In the records below, take the line with "4.3 s has passed since image 1." and all lines after it, and copy them exactly, pictures excluded.

[Data entries]

+++++

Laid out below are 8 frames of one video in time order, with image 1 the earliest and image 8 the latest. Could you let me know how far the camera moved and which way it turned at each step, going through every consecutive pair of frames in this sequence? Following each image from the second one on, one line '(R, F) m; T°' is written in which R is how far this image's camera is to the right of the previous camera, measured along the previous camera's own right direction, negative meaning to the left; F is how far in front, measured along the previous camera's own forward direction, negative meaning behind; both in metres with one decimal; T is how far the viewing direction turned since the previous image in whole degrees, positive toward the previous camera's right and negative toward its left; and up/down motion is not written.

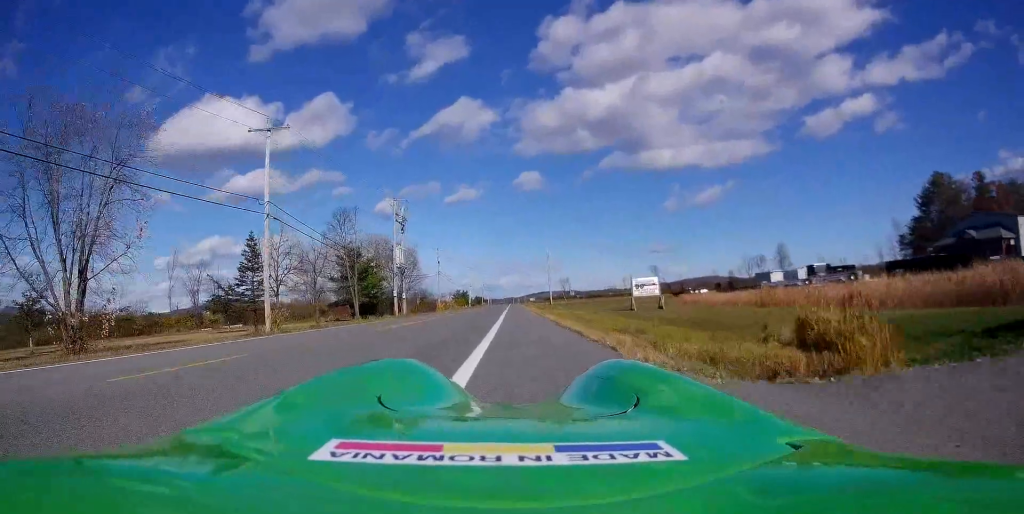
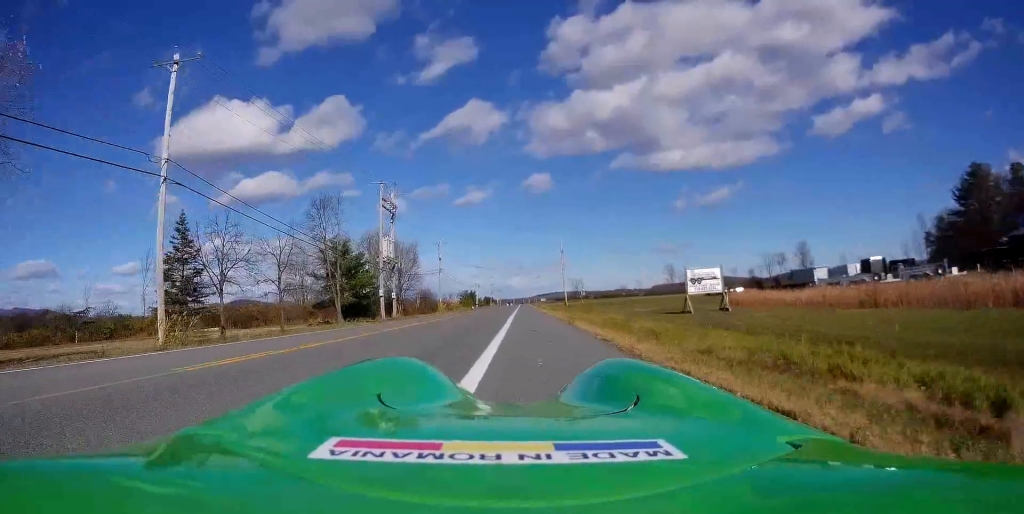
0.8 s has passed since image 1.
(-0.1, +11.1) m; -2°
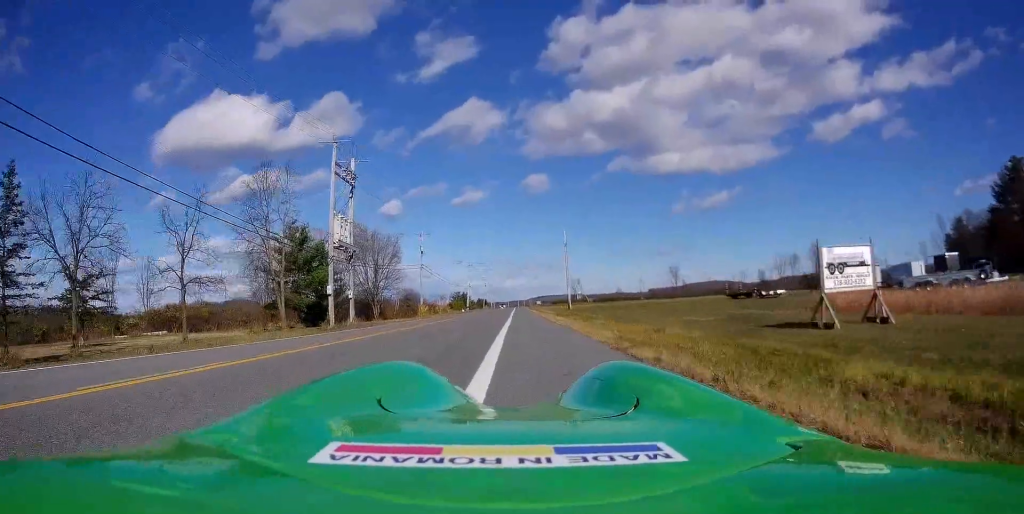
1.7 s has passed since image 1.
(-0.4, +13.5) m; -1°
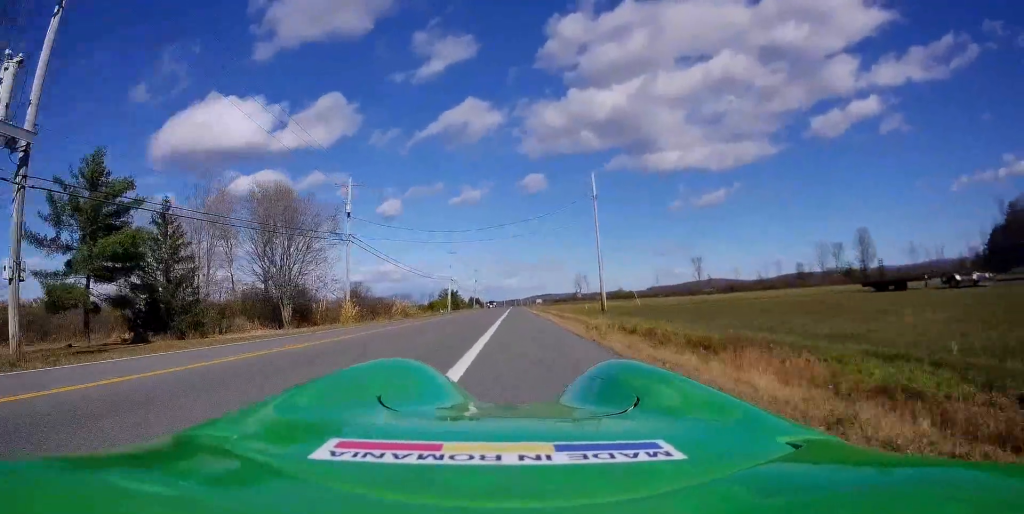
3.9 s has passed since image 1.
(+0.6, +32.8) m; -1°
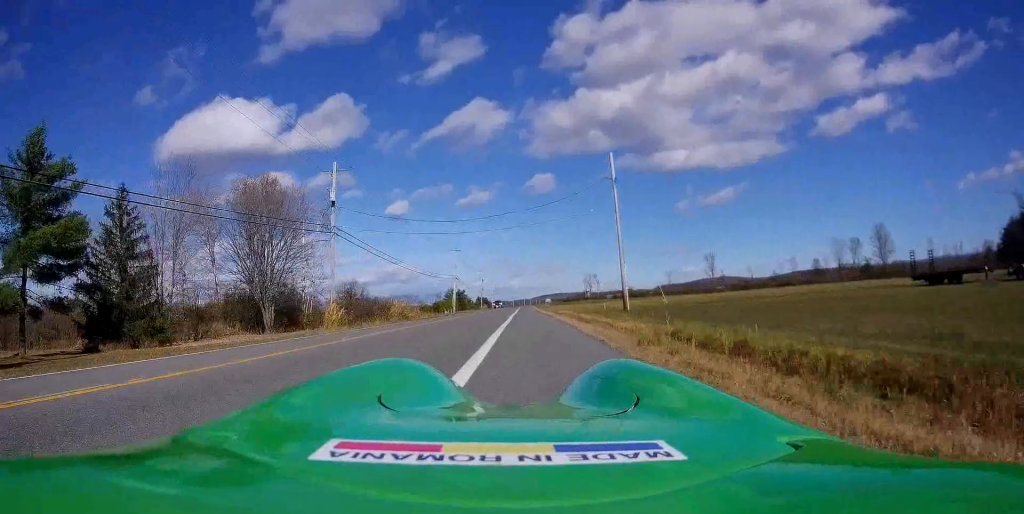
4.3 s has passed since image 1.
(-0.1, +5.5) m; 0°
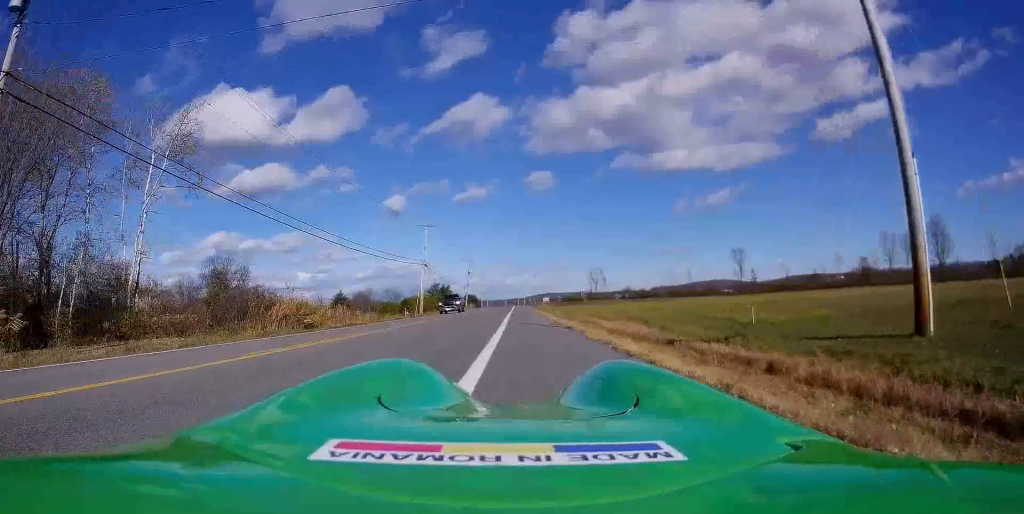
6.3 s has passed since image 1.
(+1.0, +29.7) m; +2°
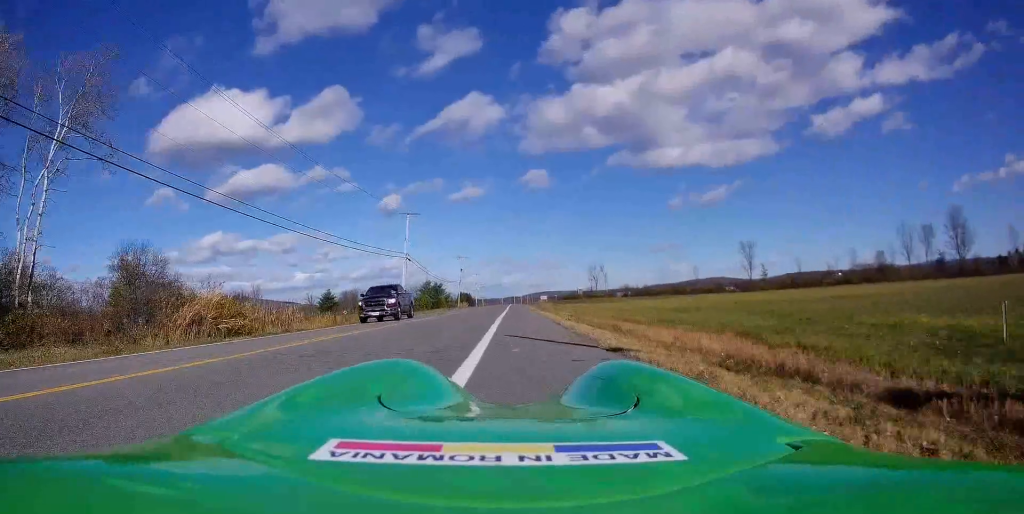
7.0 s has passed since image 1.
(-0.6, +9.7) m; -1°
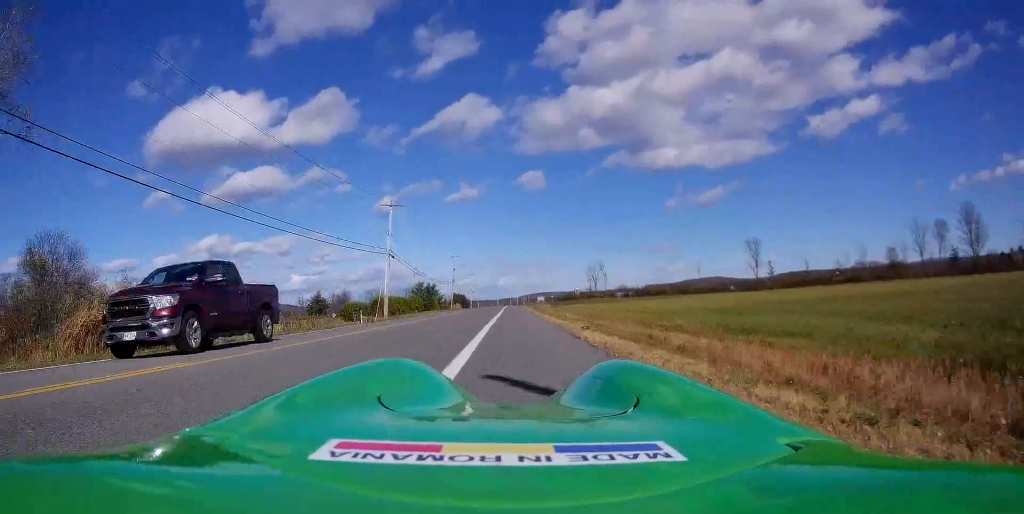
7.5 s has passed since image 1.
(+0.2, +6.6) m; 0°

+++++

— EXERCISE RESULT —
4.3 s has passed since image 1.
(-0.1, +5.5) m; 0°
6.3 s has passed since image 1.
(+1.0, +29.7) m; +2°
7.0 s has passed since image 1.
(-0.6, +9.7) m; -1°
7.5 s has passed since image 1.
(+0.2, +6.6) m; 0°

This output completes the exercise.